Skip connection and layer normalization. Each sublayer (attention or position-wise feed-forward) is encapsulated within a residual connection [22] and layer normalization [5]. This “add-norm” operation is defined as

(6)AddNorm(xt)=LayerNorm(xt+f(xt)),

where f indicates either an attention layer or a position-wise feed-forward layer.

3.3.Fully-attentive encoder

Given a set of visual features extracted from an input image, attention can be used to obtain a permutation invariant encoding through self-attention operations. As noted in [10,14], attentive weights depend solely on the pairwise similarities between linear projections of the input set itself. Therefore, a sequence of Transformer layers can naturally encode the pairwise relationships between visual features. Because everything depends solely on pairwise similarities, though, self-attention cannot model a priori knowledge on relationships between visual features. For example, given a visual feature encoding a glass of fruit juice and one encoding a plate with a croissant, it would be difficult to infer the concept of breakfast, which could, instead, be easily inferred using a priori knowledge on relationships.

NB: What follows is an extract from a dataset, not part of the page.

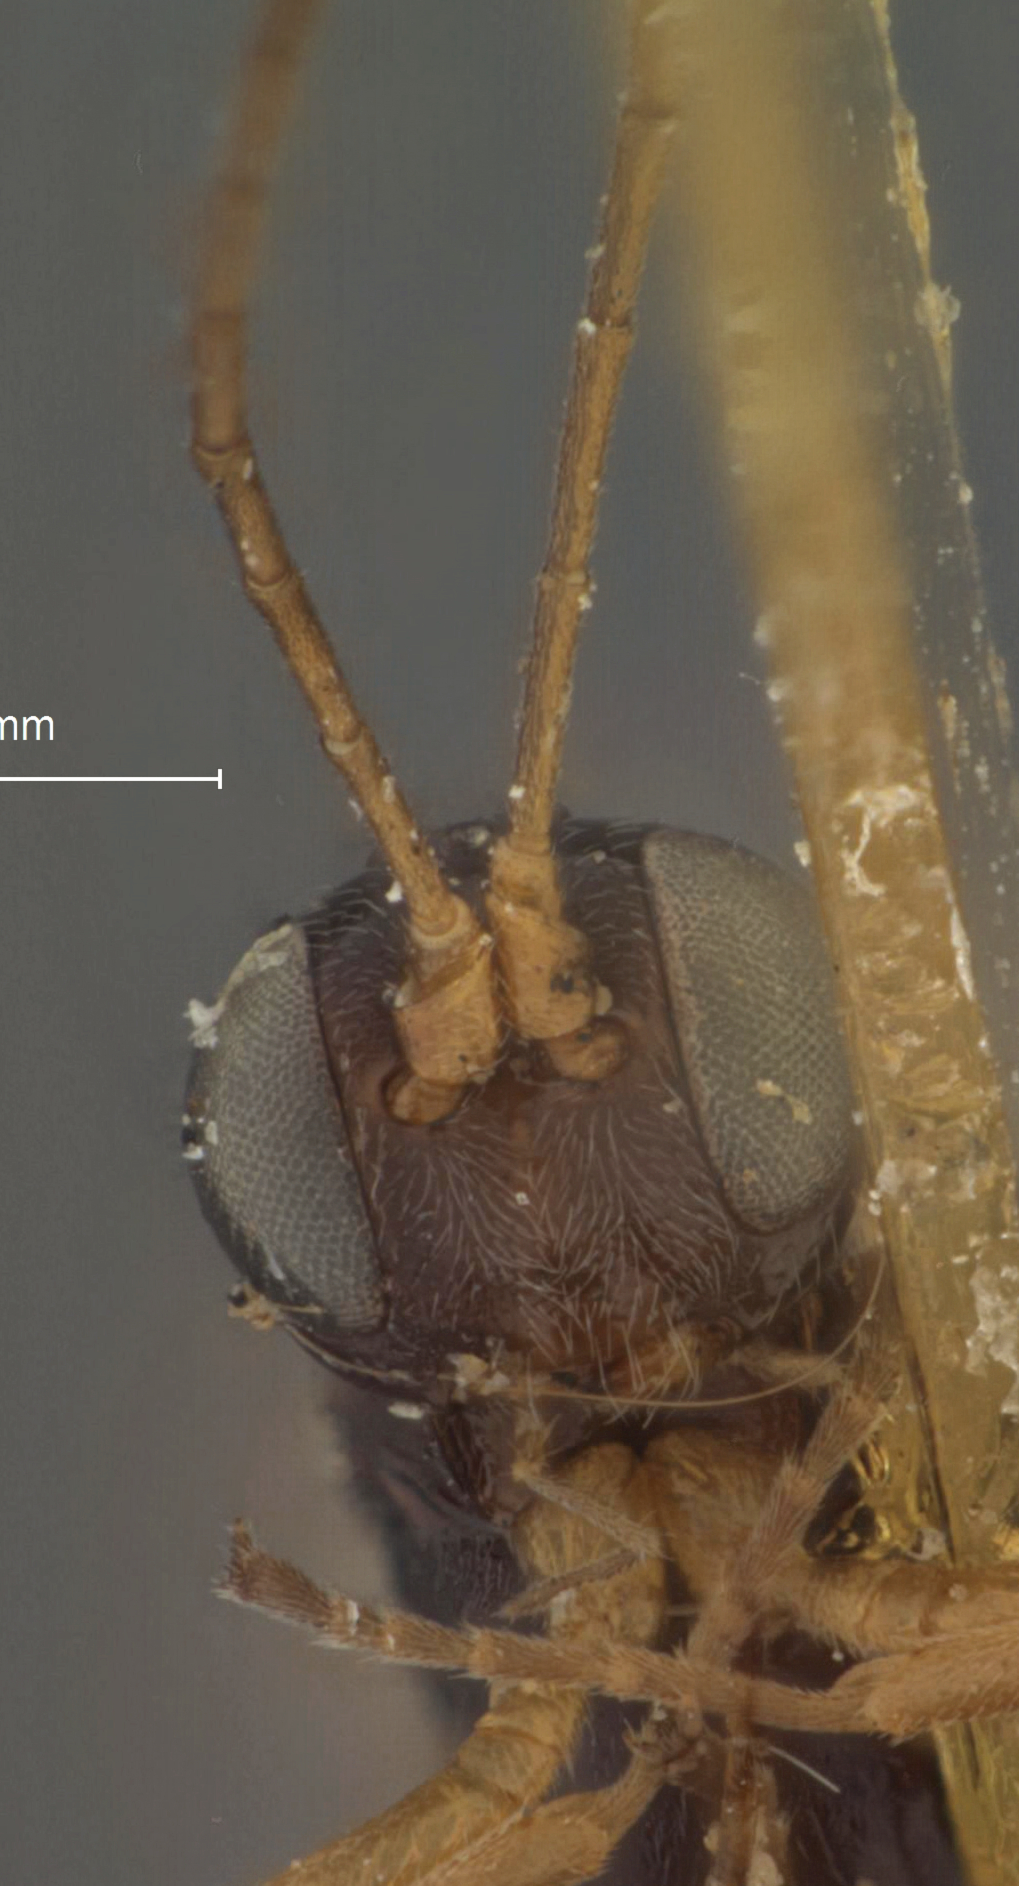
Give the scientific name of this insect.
Hemiteles pinifoliae

Memory-augmented attention. In this paper, we consider both an encoder made of original Transformer layers [71], and the memory-augmented encoder proposed in [10,14], which overcomes the aforementioned limitation. In the latter case, the set of keys and values used for self-attention is extended with additional “slots” which can encode a priori information – and which are implemented as plain learnable vectors which can be directly updated via SGD. Formally, given the set of visual features X expressed in matrix form, the operator is defined as:

(7)X˜=Attention(WqX,K,V)K=[WkX,Mk]V=[WvX,Mv],

where Attention indicates the classic attention operator, Mk and Mv are learnable matrices with nm rows, and [·,·] indicates concatenation. Intuitively, by adding learnable keys and values, through attention it will be possible to retrieve learned knowledge which is not already embedded in X.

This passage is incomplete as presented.